_Task_
Could you output each line below exactly as it appears, excluding any pictures?

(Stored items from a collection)

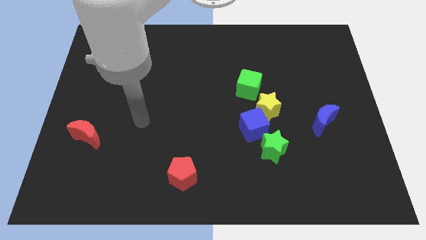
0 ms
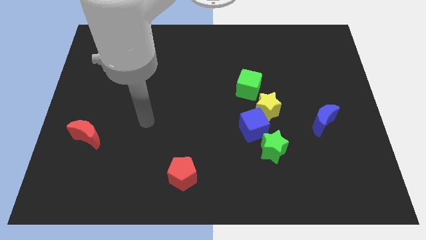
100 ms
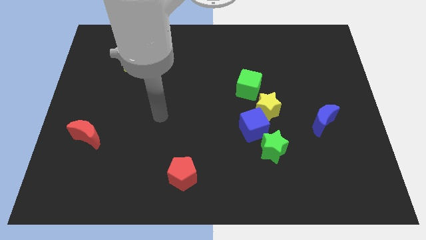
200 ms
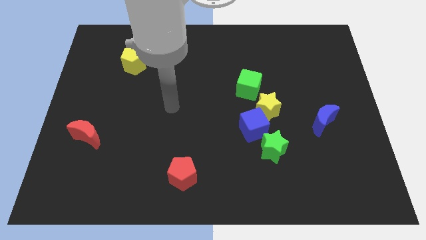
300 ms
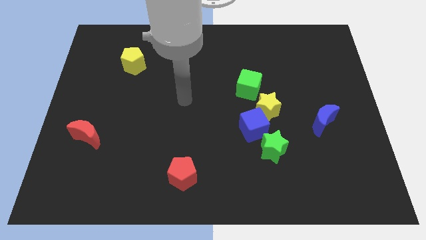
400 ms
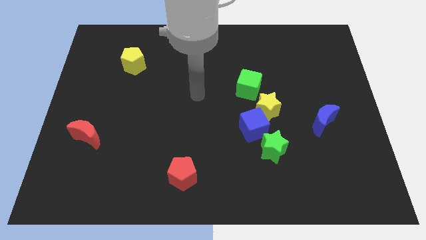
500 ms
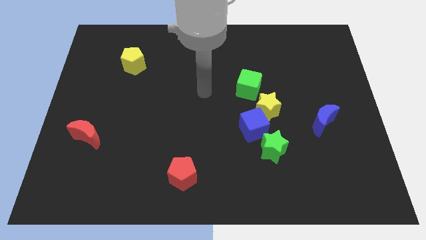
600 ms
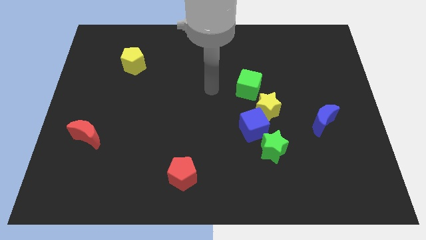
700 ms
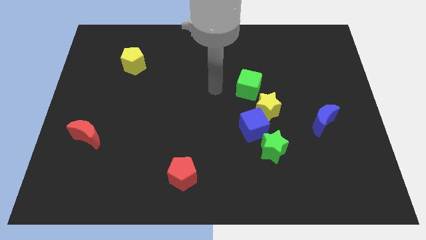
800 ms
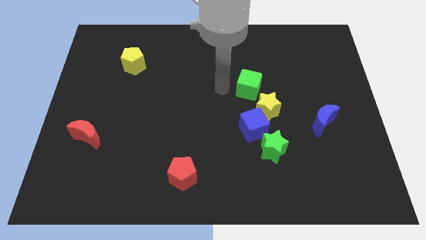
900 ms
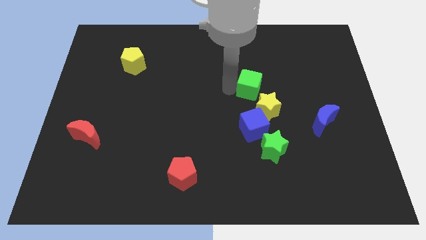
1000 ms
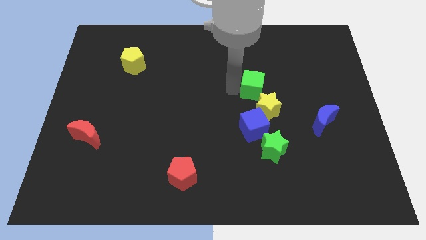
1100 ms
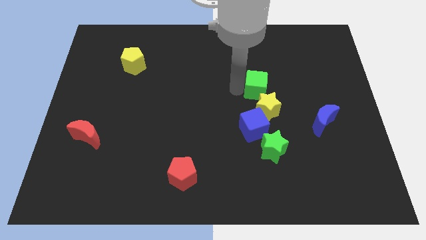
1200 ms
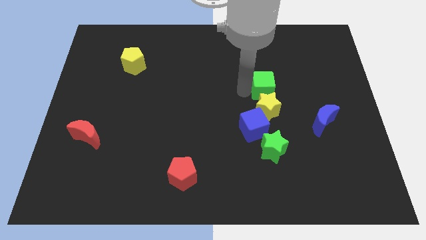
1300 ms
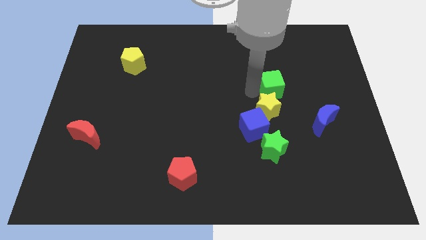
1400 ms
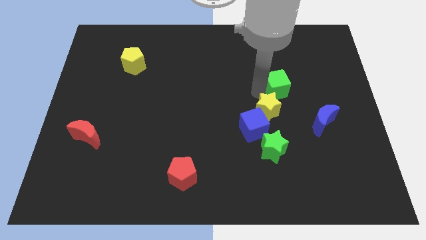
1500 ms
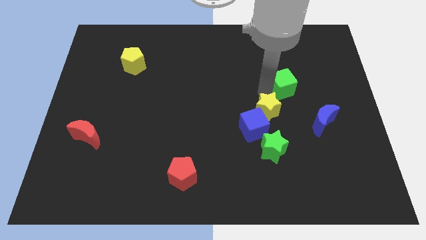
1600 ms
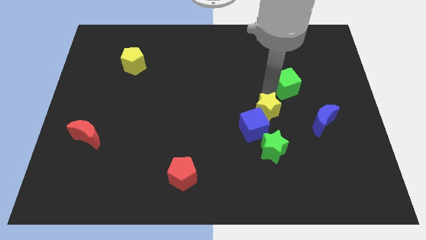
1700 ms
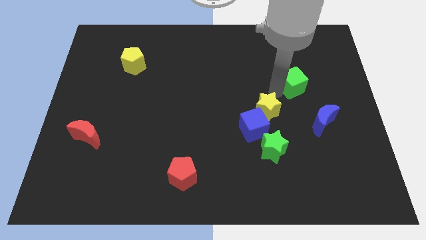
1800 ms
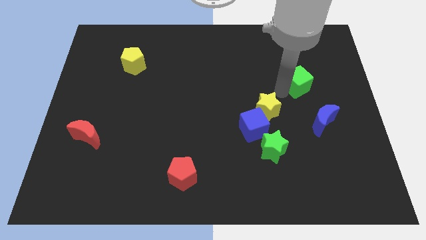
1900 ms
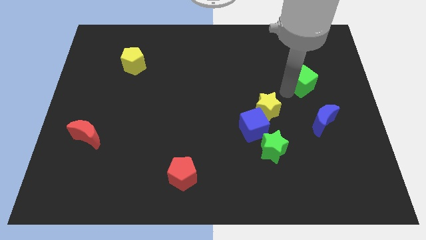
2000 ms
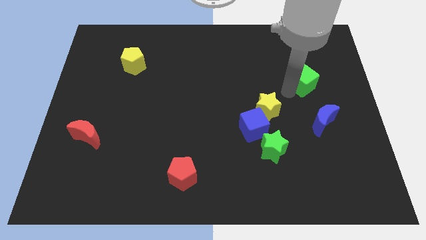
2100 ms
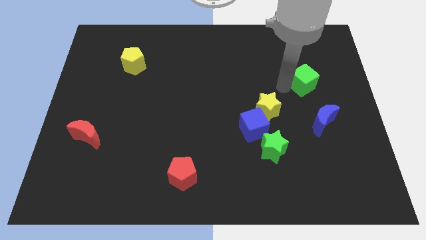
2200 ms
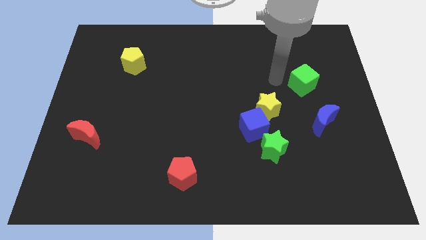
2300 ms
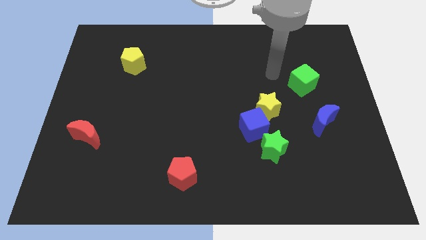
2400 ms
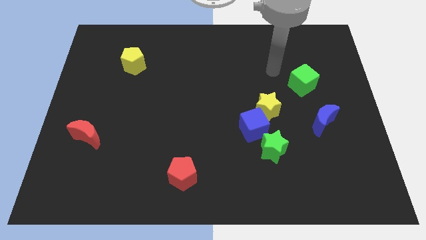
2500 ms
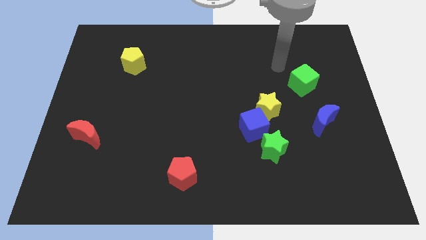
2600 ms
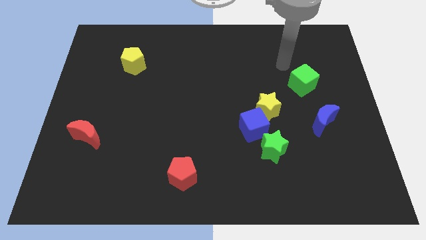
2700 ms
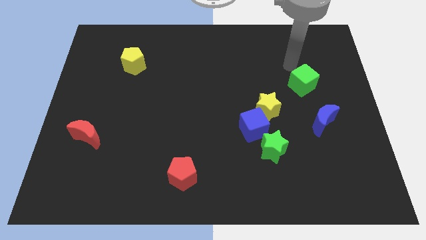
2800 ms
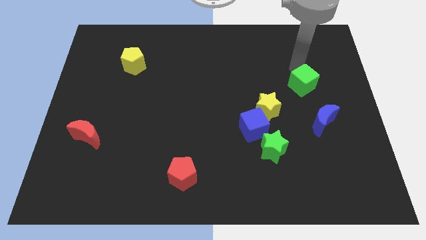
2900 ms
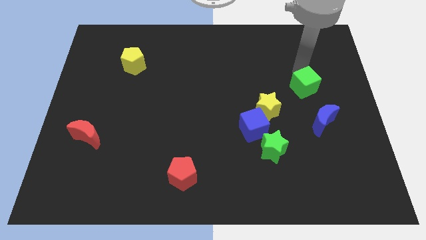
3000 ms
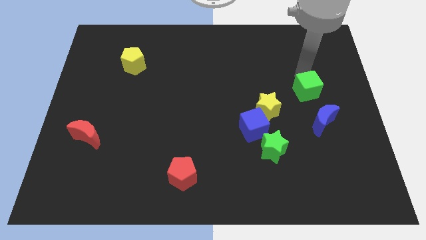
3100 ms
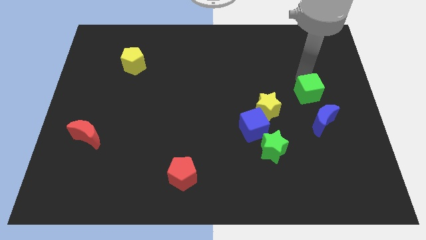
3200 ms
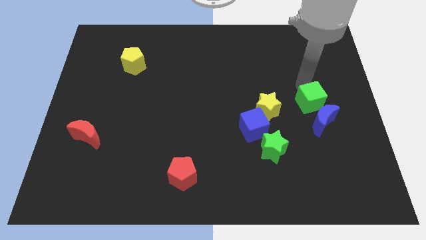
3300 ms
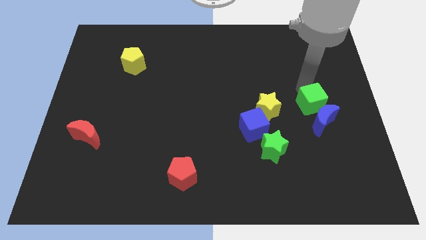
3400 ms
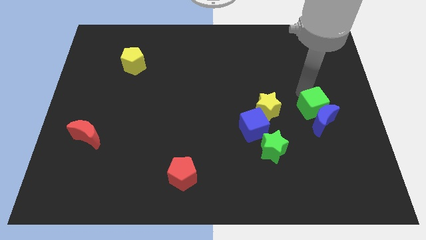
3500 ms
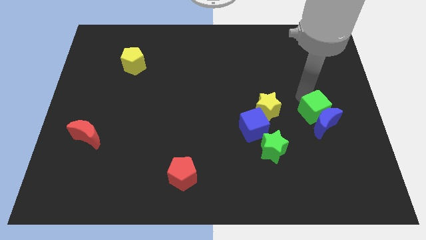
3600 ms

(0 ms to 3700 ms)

_Solution to the problem_
0 ms
100 ms
200 ms
300 ms
400 ms
500 ms
600 ms
700 ms
800 ms
900 ms
1000 ms
1100 ms
1200 ms
1300 ms
1400 ms
1500 ms
1600 ms
1700 ms
1800 ms
1900 ms
2000 ms
2100 ms
2200 ms
2300 ms
2400 ms
2500 ms
2600 ms
2700 ms
2800 ms
2900 ms
3000 ms
3100 ms
3200 ms
3300 ms
3400 ms
3500 ms
3600 ms

(0 ms to 3700 ms)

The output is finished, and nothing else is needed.